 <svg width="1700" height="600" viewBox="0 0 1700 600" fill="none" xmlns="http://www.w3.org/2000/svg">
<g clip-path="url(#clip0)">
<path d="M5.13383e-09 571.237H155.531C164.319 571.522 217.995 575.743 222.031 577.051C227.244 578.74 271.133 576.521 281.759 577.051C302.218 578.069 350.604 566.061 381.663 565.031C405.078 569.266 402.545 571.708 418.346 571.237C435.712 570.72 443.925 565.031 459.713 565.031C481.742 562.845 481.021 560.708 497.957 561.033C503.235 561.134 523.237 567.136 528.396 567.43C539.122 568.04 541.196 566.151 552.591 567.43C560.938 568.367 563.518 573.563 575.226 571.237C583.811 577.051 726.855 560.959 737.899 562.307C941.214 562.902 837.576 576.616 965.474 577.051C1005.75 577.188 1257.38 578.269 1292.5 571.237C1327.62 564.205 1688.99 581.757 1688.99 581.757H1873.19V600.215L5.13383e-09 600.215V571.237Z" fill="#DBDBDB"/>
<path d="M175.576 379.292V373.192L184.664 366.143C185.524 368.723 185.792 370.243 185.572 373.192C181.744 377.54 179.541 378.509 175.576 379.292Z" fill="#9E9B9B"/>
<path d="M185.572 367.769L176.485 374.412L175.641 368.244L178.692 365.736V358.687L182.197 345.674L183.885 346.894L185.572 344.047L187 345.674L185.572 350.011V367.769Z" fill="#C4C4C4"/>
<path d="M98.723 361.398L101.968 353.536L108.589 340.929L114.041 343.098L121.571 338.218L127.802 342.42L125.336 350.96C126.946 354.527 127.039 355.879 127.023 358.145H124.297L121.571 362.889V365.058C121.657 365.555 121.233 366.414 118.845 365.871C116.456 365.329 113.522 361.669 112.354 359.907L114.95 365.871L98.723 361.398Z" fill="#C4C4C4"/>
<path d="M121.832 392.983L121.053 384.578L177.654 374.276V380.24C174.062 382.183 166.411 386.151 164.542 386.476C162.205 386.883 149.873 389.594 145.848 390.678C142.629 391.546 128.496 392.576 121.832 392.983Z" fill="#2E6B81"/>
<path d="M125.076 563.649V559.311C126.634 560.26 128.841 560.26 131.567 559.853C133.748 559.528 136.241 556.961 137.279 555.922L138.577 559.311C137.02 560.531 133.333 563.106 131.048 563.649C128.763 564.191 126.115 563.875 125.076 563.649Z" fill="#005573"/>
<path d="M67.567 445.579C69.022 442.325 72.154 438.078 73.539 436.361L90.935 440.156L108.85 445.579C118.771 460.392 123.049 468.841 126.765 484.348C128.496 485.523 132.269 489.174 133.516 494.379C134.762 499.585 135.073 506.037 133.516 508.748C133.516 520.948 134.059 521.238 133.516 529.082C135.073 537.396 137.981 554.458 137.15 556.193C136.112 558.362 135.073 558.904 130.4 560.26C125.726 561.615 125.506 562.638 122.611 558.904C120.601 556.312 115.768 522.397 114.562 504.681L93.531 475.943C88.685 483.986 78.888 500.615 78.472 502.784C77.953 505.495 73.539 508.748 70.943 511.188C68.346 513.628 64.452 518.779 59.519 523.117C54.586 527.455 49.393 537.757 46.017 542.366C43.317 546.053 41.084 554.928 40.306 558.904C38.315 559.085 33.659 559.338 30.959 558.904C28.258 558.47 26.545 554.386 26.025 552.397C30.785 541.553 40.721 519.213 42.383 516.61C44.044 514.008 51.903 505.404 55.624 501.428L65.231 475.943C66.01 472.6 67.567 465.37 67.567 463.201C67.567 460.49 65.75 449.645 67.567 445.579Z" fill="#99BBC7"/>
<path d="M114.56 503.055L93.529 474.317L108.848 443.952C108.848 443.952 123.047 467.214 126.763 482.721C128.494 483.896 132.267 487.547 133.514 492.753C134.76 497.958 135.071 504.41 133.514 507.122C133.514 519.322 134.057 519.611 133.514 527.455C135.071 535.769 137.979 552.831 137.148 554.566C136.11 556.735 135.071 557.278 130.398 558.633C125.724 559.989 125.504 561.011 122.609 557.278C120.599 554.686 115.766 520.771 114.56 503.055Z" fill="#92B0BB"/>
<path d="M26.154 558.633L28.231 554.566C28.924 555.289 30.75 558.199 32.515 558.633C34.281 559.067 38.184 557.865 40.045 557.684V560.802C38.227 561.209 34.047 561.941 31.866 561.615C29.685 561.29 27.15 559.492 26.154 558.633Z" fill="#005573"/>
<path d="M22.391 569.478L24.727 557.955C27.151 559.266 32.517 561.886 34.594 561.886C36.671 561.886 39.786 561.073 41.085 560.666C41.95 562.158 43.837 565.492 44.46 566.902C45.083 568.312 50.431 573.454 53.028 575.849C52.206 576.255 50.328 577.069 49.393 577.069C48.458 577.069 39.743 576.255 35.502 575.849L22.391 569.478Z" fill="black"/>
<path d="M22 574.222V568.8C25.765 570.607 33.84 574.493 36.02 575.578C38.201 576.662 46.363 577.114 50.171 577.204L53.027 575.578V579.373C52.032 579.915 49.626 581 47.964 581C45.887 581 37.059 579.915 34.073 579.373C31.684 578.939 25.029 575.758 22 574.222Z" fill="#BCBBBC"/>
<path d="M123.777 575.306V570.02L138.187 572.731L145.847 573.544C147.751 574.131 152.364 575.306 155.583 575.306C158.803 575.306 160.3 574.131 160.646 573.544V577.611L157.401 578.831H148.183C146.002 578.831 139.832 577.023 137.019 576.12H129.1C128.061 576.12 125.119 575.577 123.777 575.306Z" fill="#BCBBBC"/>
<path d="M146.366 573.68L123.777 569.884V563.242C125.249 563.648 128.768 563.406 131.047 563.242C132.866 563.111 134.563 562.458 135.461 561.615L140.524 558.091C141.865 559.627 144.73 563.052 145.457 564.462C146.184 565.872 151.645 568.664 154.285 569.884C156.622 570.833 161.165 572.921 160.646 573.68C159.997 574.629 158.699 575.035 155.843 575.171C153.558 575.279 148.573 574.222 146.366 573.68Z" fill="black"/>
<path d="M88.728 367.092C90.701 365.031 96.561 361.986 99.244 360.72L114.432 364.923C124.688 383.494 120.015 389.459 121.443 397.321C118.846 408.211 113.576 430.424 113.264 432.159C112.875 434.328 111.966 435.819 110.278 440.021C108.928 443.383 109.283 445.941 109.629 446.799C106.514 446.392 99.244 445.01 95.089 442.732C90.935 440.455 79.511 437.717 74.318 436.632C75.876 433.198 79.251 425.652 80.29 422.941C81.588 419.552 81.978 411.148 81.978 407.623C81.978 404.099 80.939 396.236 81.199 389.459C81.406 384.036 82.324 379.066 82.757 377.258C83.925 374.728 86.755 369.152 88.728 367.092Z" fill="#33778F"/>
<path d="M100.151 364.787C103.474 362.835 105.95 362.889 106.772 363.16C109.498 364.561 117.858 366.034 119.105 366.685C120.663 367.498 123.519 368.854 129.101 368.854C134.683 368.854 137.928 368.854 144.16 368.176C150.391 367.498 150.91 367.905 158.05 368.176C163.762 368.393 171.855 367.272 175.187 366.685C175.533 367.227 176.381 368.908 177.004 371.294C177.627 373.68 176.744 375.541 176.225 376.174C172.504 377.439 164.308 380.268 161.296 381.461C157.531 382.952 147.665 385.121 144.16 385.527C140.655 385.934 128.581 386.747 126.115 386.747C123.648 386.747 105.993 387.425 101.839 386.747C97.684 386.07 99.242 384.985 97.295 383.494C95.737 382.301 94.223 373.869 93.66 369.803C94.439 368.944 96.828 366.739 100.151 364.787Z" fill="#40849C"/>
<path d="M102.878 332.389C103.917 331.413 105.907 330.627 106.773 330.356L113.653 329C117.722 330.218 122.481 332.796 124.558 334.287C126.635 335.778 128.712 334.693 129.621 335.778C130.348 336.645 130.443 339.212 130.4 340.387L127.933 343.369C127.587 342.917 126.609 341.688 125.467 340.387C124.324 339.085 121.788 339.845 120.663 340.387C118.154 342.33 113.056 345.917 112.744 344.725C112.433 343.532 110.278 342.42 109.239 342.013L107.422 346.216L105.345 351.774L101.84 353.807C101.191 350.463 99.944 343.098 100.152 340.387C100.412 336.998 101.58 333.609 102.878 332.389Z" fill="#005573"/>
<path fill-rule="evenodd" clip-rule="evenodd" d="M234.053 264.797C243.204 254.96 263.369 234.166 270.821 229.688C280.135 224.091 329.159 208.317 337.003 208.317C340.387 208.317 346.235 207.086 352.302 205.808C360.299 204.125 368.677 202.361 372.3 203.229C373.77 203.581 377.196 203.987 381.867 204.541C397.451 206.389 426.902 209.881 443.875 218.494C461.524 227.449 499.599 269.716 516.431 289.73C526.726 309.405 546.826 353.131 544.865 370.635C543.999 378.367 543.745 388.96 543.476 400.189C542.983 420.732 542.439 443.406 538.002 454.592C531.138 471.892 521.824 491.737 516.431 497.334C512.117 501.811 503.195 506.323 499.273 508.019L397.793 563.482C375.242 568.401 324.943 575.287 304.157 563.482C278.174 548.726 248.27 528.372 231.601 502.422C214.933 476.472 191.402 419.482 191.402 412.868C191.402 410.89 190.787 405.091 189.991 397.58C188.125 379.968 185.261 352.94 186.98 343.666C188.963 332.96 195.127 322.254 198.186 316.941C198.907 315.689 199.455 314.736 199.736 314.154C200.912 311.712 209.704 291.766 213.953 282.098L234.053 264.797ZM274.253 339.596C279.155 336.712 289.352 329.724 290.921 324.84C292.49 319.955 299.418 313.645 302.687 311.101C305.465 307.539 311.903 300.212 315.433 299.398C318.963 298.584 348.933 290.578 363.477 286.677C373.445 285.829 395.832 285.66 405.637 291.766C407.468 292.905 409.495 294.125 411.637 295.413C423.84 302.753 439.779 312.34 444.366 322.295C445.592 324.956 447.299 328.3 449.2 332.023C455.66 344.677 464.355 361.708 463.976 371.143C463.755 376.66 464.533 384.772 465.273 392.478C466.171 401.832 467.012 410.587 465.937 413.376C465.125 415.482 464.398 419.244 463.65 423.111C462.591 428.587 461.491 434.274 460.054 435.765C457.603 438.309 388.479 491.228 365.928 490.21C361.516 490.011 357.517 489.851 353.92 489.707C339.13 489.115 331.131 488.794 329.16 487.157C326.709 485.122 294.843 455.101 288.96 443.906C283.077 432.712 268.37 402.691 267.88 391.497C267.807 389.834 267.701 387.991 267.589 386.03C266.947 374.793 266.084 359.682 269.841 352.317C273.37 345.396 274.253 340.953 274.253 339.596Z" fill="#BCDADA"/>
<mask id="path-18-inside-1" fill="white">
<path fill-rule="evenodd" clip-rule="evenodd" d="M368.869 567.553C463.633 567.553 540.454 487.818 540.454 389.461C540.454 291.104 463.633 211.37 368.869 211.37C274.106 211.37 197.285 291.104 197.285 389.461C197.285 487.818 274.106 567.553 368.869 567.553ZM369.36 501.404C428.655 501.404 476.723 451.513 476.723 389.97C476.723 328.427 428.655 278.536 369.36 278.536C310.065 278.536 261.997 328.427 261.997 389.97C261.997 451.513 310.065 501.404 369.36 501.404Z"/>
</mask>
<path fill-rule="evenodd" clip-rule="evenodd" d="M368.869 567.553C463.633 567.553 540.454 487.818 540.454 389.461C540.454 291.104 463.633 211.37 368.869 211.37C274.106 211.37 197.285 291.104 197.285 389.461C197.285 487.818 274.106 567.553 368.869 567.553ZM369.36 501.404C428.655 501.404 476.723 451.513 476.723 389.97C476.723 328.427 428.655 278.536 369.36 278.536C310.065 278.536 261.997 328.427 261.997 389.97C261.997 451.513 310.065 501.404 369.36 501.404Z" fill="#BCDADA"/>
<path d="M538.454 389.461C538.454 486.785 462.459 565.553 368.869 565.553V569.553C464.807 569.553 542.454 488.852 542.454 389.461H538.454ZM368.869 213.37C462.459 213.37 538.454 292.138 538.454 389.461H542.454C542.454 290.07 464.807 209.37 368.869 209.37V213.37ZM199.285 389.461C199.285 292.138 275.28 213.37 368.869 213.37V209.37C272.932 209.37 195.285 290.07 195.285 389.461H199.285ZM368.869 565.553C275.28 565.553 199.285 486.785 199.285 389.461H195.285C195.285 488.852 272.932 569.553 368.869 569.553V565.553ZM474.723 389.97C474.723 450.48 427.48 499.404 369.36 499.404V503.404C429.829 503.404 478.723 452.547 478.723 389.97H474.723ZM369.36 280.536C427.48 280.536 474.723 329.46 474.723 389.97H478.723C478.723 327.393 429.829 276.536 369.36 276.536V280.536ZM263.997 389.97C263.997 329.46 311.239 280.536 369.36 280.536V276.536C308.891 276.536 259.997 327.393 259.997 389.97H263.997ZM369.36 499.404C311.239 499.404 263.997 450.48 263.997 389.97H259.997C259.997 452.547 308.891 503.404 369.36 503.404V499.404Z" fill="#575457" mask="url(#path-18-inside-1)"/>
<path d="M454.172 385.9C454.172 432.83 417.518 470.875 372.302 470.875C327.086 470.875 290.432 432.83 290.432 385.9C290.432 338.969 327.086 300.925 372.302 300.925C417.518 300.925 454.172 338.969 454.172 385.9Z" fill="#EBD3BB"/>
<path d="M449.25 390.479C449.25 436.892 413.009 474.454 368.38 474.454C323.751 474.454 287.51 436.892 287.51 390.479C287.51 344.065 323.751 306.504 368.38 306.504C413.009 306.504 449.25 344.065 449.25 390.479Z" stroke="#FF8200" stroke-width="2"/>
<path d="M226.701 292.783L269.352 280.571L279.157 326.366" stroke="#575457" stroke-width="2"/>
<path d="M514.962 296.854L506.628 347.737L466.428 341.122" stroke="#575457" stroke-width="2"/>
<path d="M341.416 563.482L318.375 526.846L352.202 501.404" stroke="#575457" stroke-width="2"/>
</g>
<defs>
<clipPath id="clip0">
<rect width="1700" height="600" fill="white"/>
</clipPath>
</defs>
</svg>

# # #

> Aim of the task:
Scan the data above for the string "inside" and copy each line where it appears.

> Your response:
<mask id="path-18-inside-1" fill="white">
<path d="M538.454 389.461C538.454 486.785 462.459 565.553 368.869 565.553V569.553C464.807 569.553 542.454 488.852 542.454 389.461H538.454ZM368.869 213.37C462.459 213.37 538.454 292.138 538.454 389.461H542.454C542.454 290.07 464.807 209.37 368.869 209.37V213.37ZM199.285 389.461C199.285 292.138 275.28 213.37 368.869 213.37V209.37C272.932 209.37 195.285 290.07 195.285 389.461H199.285ZM368.869 565.553C275.28 565.553 199.285 486.785 199.285 389.461H195.285C195.285 488.852 272.932 569.553 368.869 569.553V565.553ZM474.723 389.97C474.723 450.48 427.48 499.404 369.36 499.404V503.404C429.829 503.404 478.723 452.547 478.723 389.97H474.723ZM369.36 280.536C427.48 280.536 474.723 329.46 474.723 389.97H478.723C478.723 327.393 429.829 276.536 369.36 276.536V280.536ZM263.997 389.97C263.997 329.46 311.239 280.536 369.36 280.536V276.536C308.891 276.536 259.997 327.393 259.997 389.97H263.997ZM369.36 499.404C311.239 499.404 263.997 450.48 263.997 389.97H259.997C259.997 452.547 308.891 503.404 369.36 503.404V499.404Z" fill="#575457" mask="url(#path-18-inside-1)"/>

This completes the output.